- AIM OF THE EXERCISE: In the entries that follow, the line with "The image shows 25" opens the range and the line with "The image shows 48" closes it; repeat that range exactly, both lines included.

- SUPPLIED ENTRIES:
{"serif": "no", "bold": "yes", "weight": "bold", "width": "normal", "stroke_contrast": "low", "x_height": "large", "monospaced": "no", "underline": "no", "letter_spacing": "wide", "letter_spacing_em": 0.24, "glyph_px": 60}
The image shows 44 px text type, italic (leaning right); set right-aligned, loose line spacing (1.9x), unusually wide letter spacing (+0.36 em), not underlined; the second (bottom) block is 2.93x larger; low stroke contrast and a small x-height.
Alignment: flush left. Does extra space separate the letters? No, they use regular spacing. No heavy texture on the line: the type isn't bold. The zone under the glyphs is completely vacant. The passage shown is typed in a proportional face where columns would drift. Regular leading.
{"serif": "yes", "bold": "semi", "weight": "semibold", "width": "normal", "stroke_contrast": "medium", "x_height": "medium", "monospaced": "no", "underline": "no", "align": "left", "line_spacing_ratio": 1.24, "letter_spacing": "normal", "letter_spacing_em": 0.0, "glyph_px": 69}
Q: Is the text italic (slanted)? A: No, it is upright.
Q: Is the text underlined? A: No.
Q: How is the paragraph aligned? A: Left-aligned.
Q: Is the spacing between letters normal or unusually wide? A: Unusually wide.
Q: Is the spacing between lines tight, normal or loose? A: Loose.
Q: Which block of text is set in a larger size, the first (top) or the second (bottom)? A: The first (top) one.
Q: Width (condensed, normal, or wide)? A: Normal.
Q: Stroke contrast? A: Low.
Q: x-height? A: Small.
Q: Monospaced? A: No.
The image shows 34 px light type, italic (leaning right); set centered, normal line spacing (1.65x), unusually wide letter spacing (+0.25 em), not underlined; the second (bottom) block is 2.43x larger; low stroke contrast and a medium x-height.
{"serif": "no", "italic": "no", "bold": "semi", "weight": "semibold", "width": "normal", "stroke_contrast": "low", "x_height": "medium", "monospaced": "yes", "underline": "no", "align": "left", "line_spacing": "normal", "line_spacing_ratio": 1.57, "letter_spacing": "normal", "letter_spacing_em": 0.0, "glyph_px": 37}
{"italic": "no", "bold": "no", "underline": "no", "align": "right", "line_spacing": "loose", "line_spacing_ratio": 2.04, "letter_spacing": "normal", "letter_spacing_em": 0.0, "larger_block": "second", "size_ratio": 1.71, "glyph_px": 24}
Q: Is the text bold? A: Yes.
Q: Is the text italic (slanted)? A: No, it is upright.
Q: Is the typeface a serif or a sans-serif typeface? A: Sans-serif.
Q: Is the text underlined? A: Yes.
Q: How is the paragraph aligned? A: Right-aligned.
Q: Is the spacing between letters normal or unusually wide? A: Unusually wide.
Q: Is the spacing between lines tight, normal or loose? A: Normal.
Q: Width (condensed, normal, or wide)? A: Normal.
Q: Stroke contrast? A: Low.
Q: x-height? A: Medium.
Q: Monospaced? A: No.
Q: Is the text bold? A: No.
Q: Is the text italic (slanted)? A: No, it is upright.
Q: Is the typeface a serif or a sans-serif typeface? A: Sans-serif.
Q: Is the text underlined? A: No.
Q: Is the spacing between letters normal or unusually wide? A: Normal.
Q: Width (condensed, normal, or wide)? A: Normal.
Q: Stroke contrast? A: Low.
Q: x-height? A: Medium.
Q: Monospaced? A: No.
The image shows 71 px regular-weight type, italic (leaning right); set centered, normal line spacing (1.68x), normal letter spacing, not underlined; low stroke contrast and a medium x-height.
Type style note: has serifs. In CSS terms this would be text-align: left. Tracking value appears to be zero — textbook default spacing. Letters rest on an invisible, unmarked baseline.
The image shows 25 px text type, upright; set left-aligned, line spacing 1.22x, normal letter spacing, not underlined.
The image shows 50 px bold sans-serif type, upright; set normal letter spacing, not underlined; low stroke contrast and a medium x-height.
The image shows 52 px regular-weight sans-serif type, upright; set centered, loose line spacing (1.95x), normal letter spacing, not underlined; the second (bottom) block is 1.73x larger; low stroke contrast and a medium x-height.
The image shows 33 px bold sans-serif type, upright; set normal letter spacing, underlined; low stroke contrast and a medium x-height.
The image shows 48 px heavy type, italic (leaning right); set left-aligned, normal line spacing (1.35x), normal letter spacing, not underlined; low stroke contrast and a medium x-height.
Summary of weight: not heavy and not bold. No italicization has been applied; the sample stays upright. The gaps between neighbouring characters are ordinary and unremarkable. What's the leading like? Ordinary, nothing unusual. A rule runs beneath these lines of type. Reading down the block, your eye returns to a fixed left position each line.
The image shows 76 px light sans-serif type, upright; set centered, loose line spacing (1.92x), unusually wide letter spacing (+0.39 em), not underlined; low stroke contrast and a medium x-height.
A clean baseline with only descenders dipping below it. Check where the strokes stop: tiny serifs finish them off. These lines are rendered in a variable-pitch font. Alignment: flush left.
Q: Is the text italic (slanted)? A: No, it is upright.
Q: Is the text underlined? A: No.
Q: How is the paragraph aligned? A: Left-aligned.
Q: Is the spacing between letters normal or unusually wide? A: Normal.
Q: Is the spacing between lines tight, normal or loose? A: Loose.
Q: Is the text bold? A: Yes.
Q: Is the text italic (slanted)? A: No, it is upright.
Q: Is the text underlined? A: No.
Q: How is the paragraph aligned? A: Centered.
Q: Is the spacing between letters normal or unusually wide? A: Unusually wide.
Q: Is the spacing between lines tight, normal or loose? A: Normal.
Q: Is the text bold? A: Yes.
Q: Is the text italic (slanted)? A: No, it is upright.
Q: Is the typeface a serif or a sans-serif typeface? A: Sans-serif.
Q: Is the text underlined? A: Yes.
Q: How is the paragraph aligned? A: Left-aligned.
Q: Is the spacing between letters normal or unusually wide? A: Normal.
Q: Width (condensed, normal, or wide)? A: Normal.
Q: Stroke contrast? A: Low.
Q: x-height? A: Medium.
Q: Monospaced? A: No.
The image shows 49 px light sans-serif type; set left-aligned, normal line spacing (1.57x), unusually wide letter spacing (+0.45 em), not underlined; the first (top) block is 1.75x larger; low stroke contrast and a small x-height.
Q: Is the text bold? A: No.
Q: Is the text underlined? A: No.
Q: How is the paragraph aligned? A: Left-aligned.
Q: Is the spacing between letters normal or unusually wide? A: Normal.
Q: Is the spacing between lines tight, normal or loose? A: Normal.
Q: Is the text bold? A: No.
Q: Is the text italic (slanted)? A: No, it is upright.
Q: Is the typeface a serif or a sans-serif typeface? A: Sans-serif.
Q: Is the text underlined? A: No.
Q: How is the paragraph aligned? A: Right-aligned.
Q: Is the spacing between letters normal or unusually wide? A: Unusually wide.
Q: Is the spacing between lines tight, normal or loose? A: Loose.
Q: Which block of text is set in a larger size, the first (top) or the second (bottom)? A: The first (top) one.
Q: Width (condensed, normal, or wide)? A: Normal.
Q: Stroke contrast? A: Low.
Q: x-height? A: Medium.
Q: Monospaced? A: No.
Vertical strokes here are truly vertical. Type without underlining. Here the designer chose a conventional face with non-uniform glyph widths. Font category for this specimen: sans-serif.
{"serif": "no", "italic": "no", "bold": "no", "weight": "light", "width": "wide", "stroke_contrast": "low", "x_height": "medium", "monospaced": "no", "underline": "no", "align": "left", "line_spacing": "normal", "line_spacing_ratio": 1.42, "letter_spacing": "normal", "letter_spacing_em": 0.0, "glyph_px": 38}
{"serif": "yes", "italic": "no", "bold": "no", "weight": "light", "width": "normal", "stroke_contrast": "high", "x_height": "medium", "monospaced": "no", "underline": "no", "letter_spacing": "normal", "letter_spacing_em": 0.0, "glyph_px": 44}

- EXPECTED OUTPUT:
The image shows 25 px text type, upright; set left-aligned, line spacing 1.22x, normal letter spacing, not underlined.
The image shows 50 px bold sans-serif type, upright; set normal letter spacing, not underlined; low stroke contrast and a medium x-height.
The image shows 52 px regular-weight sans-serif type, upright; set centered, loose line spacing (1.95x), normal letter spacing, not underlined; the second (bottom) block is 1.73x larger; low stroke contrast and a medium x-height.
The image shows 33 px bold sans-serif type, upright; set normal letter spacing, underlined; low stroke contrast and a medium x-height.
The image shows 48 px heavy type, italic (leaning right); set left-aligned, normal line spacing (1.35x), normal letter spacing, not underlined; low stroke contrast and a medium x-height.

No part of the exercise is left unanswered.